A zombie apocalypse is one thing. A volcanic eruption is quite another, for, as the journalist who does a framing voice-over narration for Brooks’ latest puts it, when Mount Rainier popped its cork, “it was the psychological aspect, the hyperbole-fueled hysteria that had ended up killing the most people.” Maybe, but the sasquatches whom the volcano displaced contributed to the statistics, too, if only out of self-defense. Brooks places the epicenter of the Bigfoot war in a high-tech hideaway populated by the kind of people you might find in a Jurassic Park franchise: the schmo who doesn’t know how to do much of anything but tries anyway, the well-intentioned bleeding heart, the know-it-all intellectual who turns out to know the wrong things, the immigrant with a tough backstory and an instinct for survival.
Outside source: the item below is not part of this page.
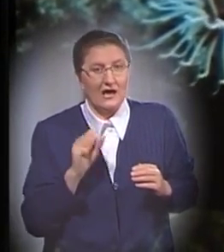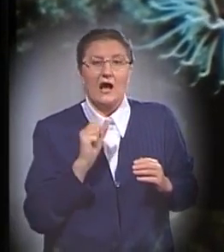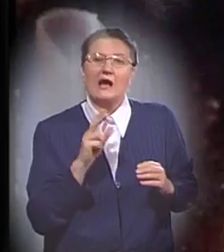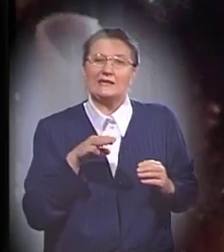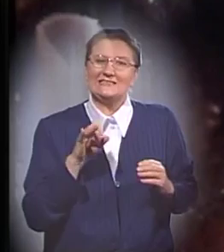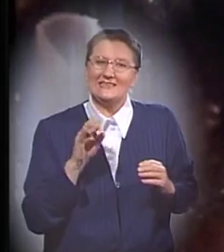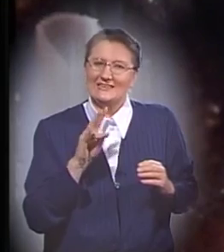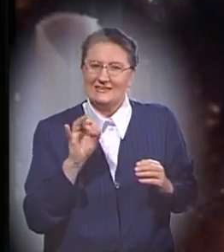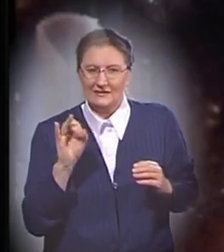медузы,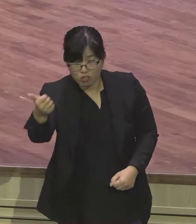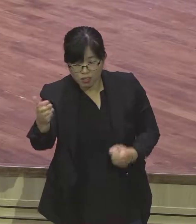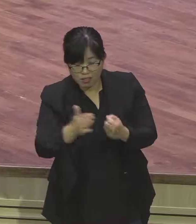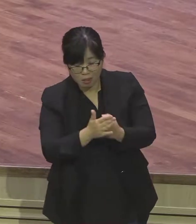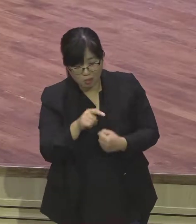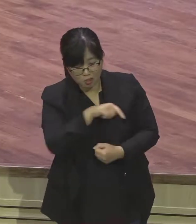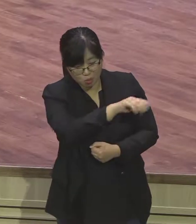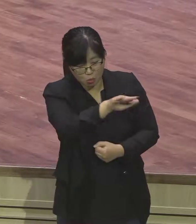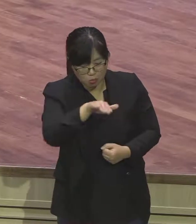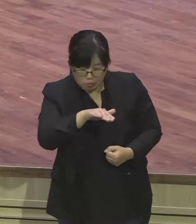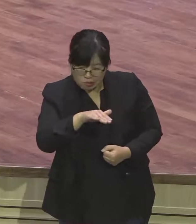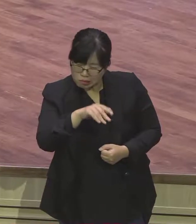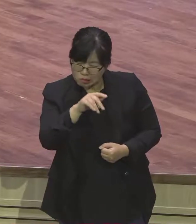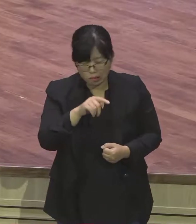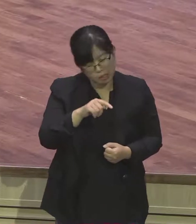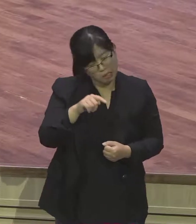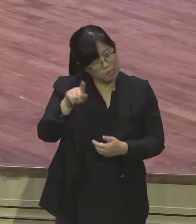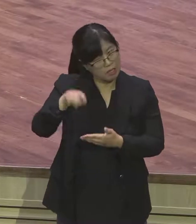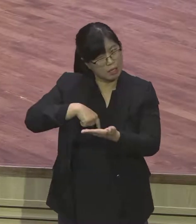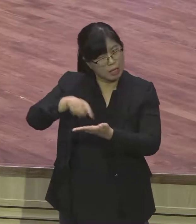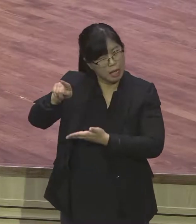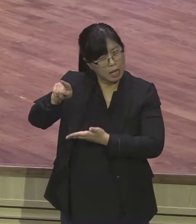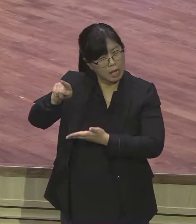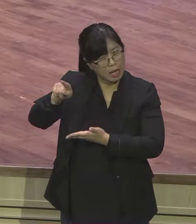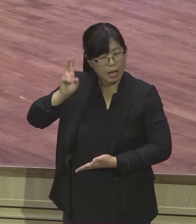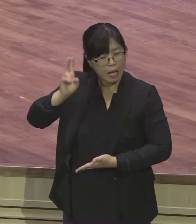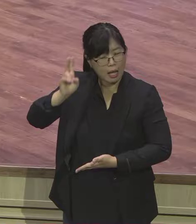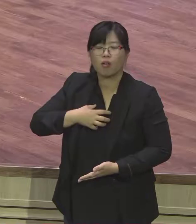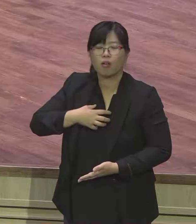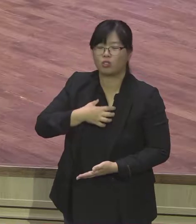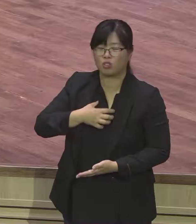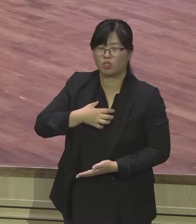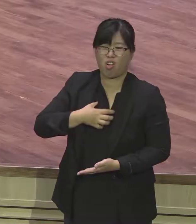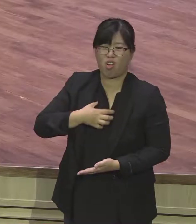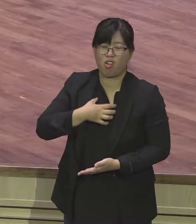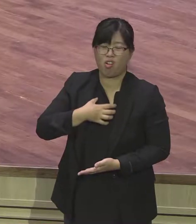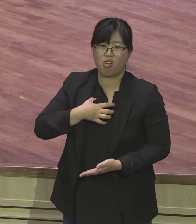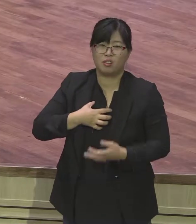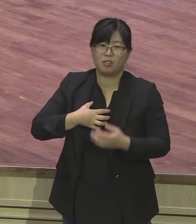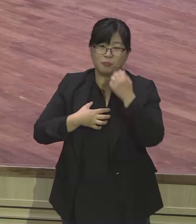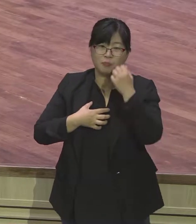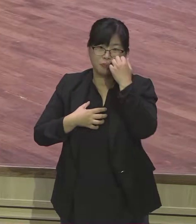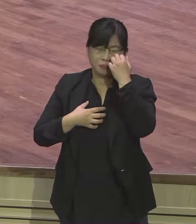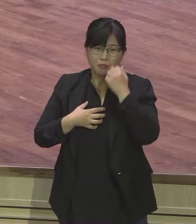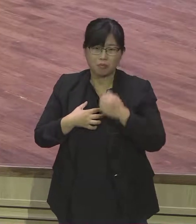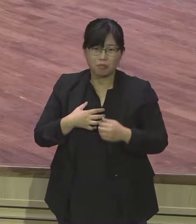이 불안으로 인하여 늘 이 불확실한 공포 늘

Indeed, the novel does double duty as a survival manual, packed full of good advice—for instance, try not to get wounded, for “injury turns you from a giver to a taker. Taking up our resources, our time to care for you.” Brooks presents a case for making room for Bigfoot in the world while peppering his narrative with timely social criticism about bad behavior on the human side of the conflict: The explosion of Rainier might have been better forecast had the president not slashed the budget of the U.S. Geological Survey, leading to “immediate suspension of the National Volcano Early Warning System,” and there’s always someone around looking to monetize the natural disaster and the sasquatch-y onslaught that follows. Brooks is a pro at building suspense even if it plays out in some rather spectacularly yucky episodes, one involving a short spear that takes its name from “the sucking sound of pulling it out of the dead man’s heart and lungs.” Grossness aside, it puts you right there on the scene.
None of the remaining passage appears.